The intention is to demonstrate the making of an art work that is more than a preparatory sketch but possibly less than the dreaded ‘final outcome’. Perhaps the word is a ‘study’. The idea is to use the various stencils that I have cut whilst working with the year ten graffitti inspired students in a fairly free form way along with ideas derived from Kusama at Tate Modern and some of the Mexican grafftti artists in Street Sketchbook. Keri Smith and her work on exploring the world, collage and her sources are also supposed to be in there too. The intention is to demonstrate the synthesis of sources and influences along with a direct approach, without the working up of a preparatory sketch.

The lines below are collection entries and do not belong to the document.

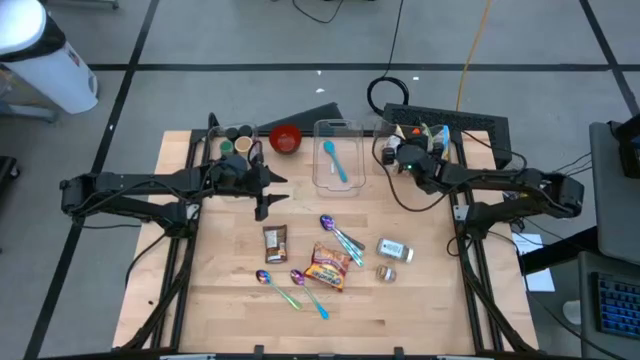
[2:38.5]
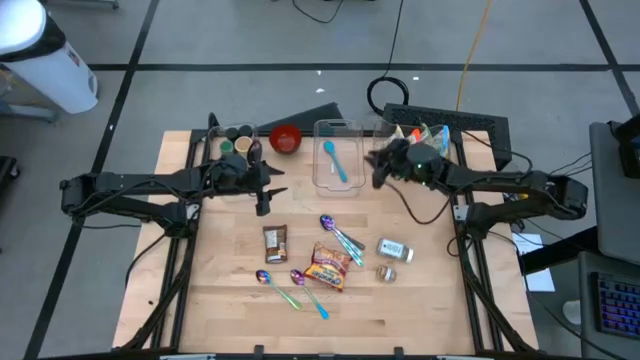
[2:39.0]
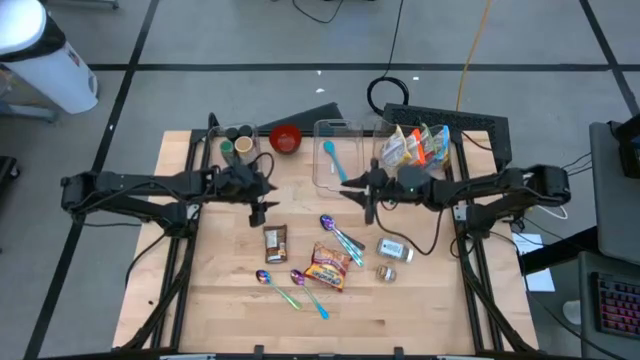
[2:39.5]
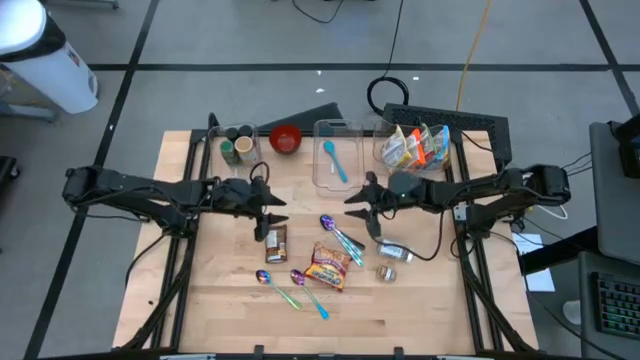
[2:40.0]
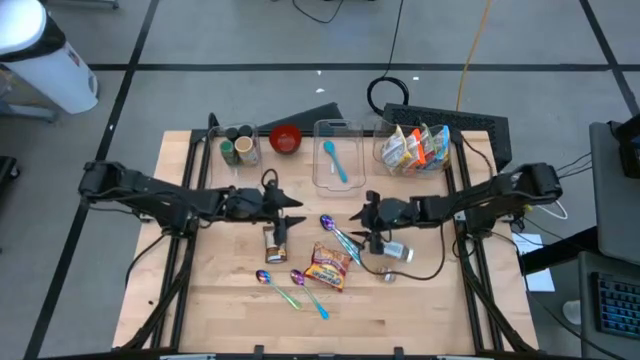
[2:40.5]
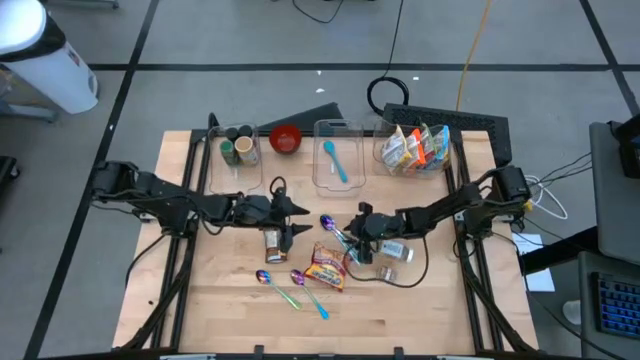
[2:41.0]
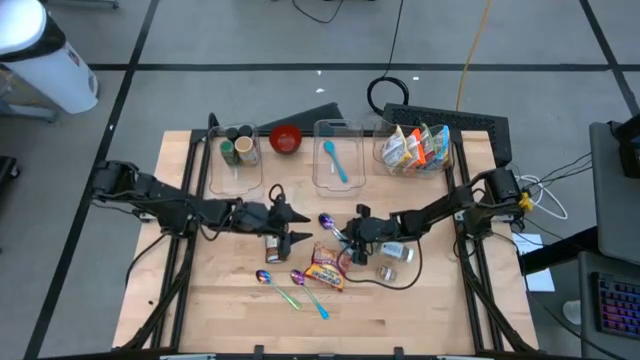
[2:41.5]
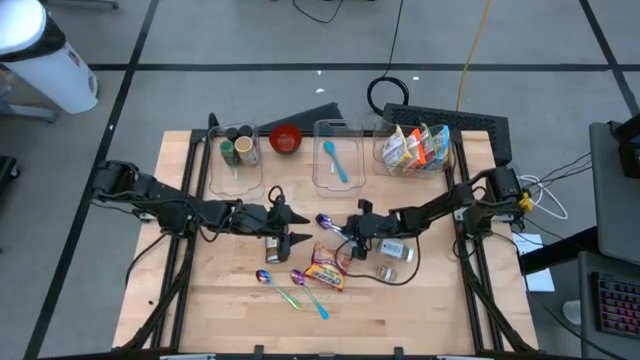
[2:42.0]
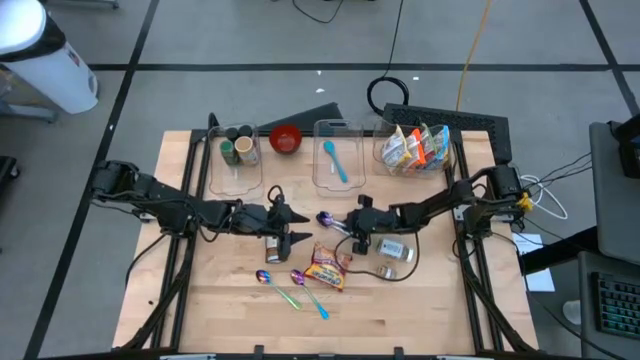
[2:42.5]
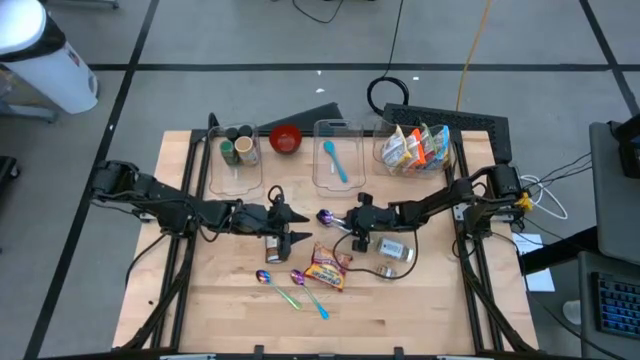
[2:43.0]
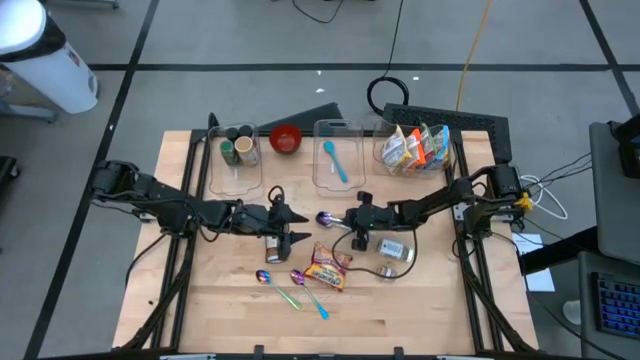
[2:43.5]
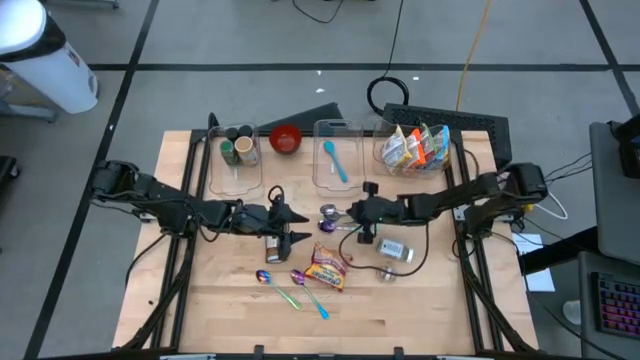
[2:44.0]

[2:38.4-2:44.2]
Task: Pick & Place Food Item
Put the top blue patterned spoon into the middle transparent bin

1. The art room is running out of large paper. Remembering one of the instructions from the wreck this book/Keri Smith work take what you can find and glue and tape it together to make a surface to suit. The surface itself is thus a collage using things that come to hand. Joing together with glue, parcel tape and some sticky backed plastic. Referencing Rauschenberg’s surfaces etc.

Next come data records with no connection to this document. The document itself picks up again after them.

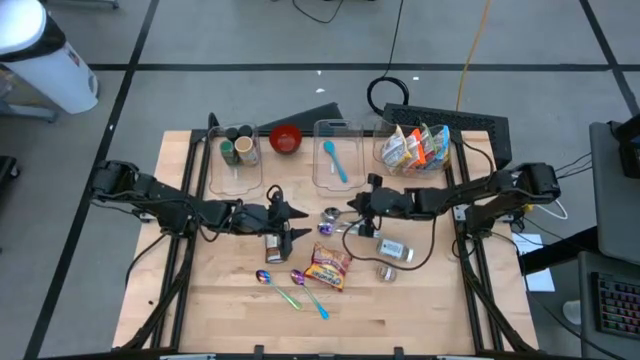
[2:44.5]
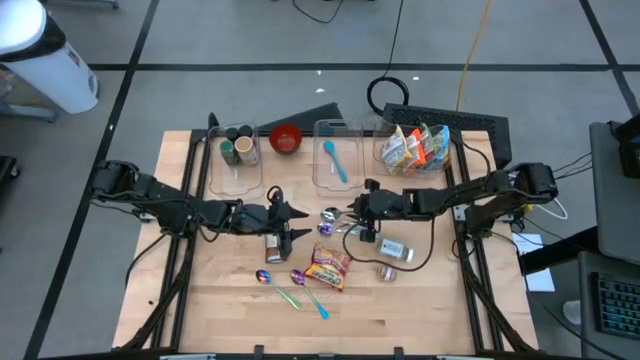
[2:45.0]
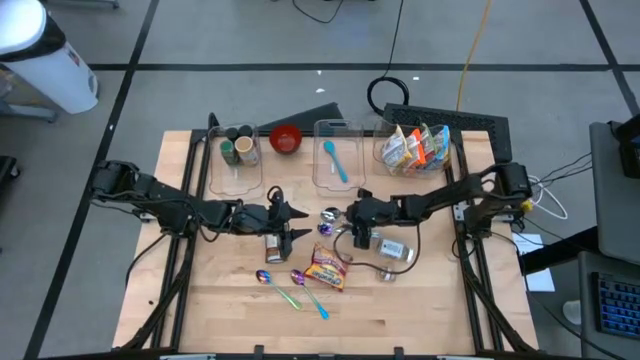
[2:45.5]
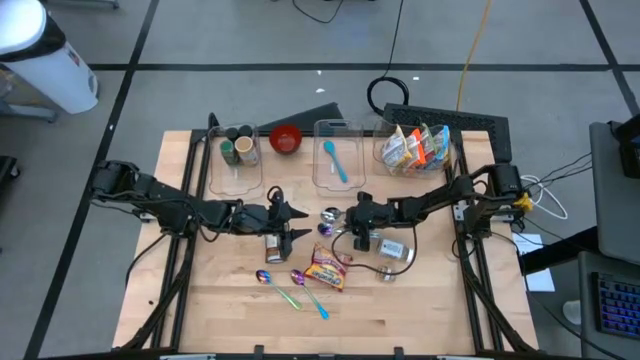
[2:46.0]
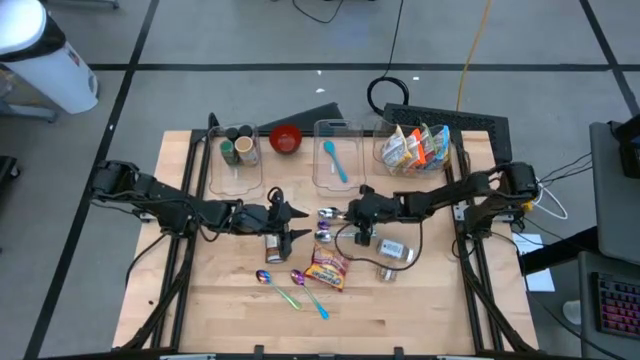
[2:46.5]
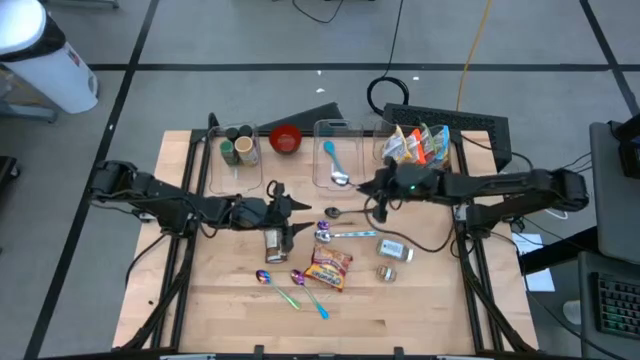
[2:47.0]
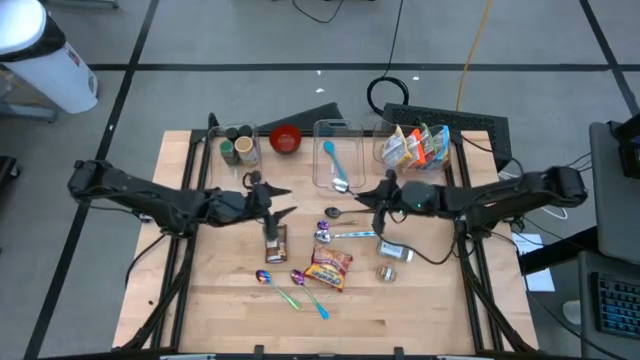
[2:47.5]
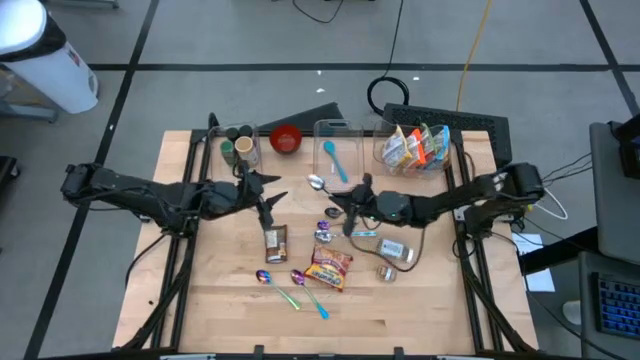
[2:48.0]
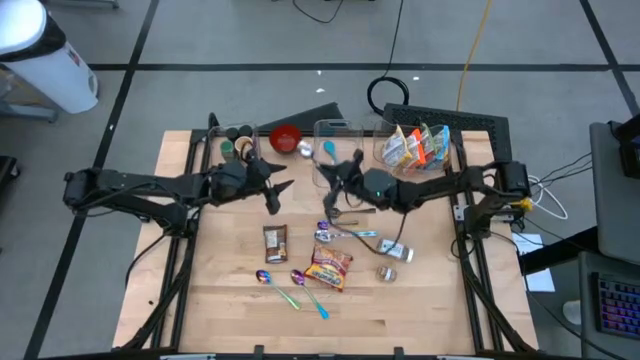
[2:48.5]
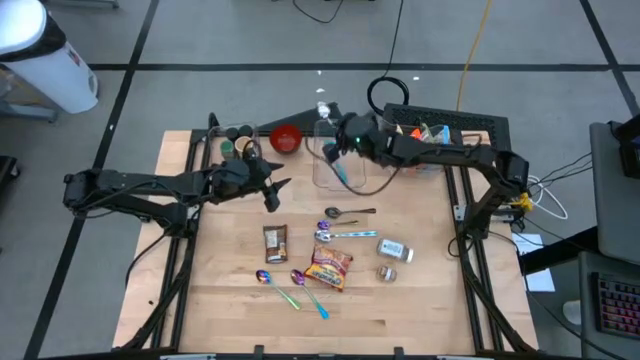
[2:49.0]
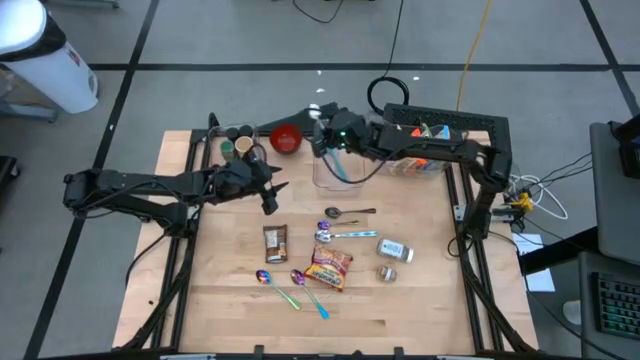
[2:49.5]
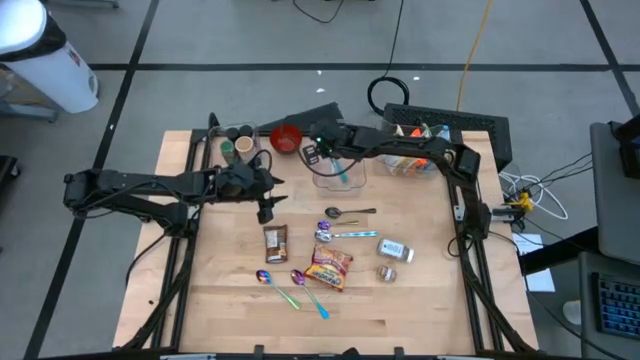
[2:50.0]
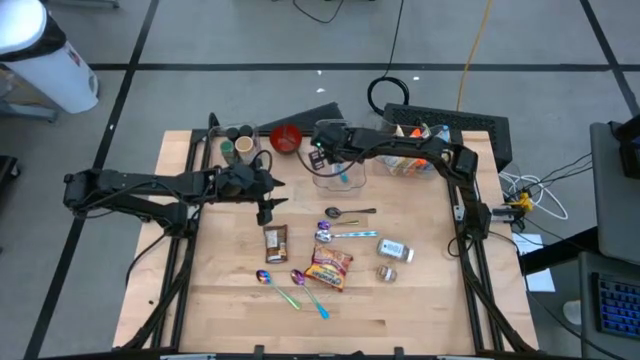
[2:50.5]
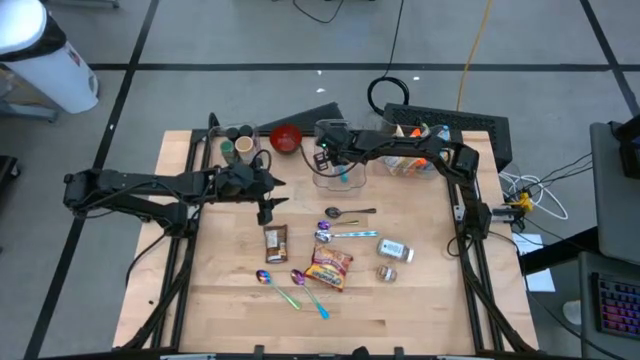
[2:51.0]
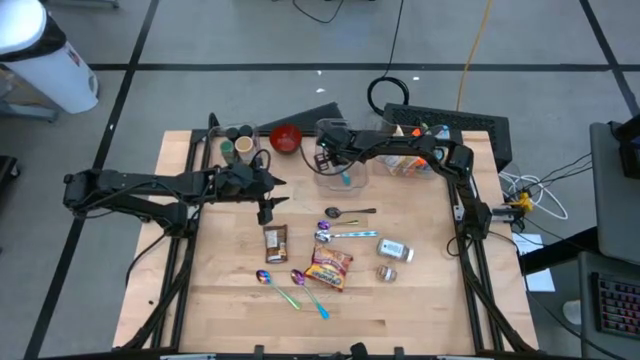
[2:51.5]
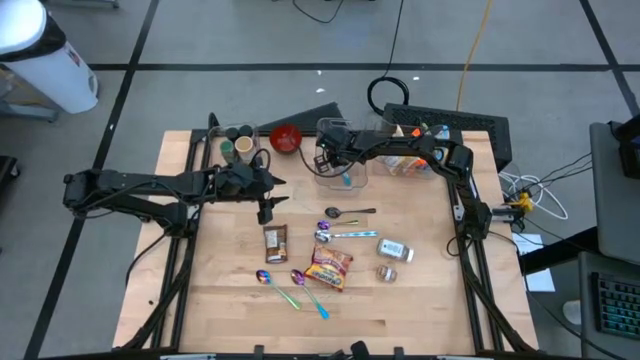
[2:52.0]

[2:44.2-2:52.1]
Put the top blue patterned spoon into the middle transparent bin

2. Smear some red and acrylic across the surface with a big brush to give yourself something to work on after lunch.

3. Have lunch.

4. Gather the year tens round the table and show them the taped together sheets and explain what I am going to do and why. Set them off on their work programmes for the afternoon. Cut out some little heads from the gold sticky backed plastic (factory throw out) and stick them on. Use two of the head stencils to put on a couple of head shapes looking towards each other so that they are ‘in conversation’. The stencils are nice because they are personal and graphic but they are less personal than the brush mark. They make a sort of tool kit to make an image and I have made them so that they can be put on top of each other to make multi-layered and coloured images.

5. Work over all of the paintings with the stencils to make crowds and a conversation. ‘Finish off’ one of them with a broken brush and a drawing loosely derived from the sketchbook drawings going in between the stencils and collage heads.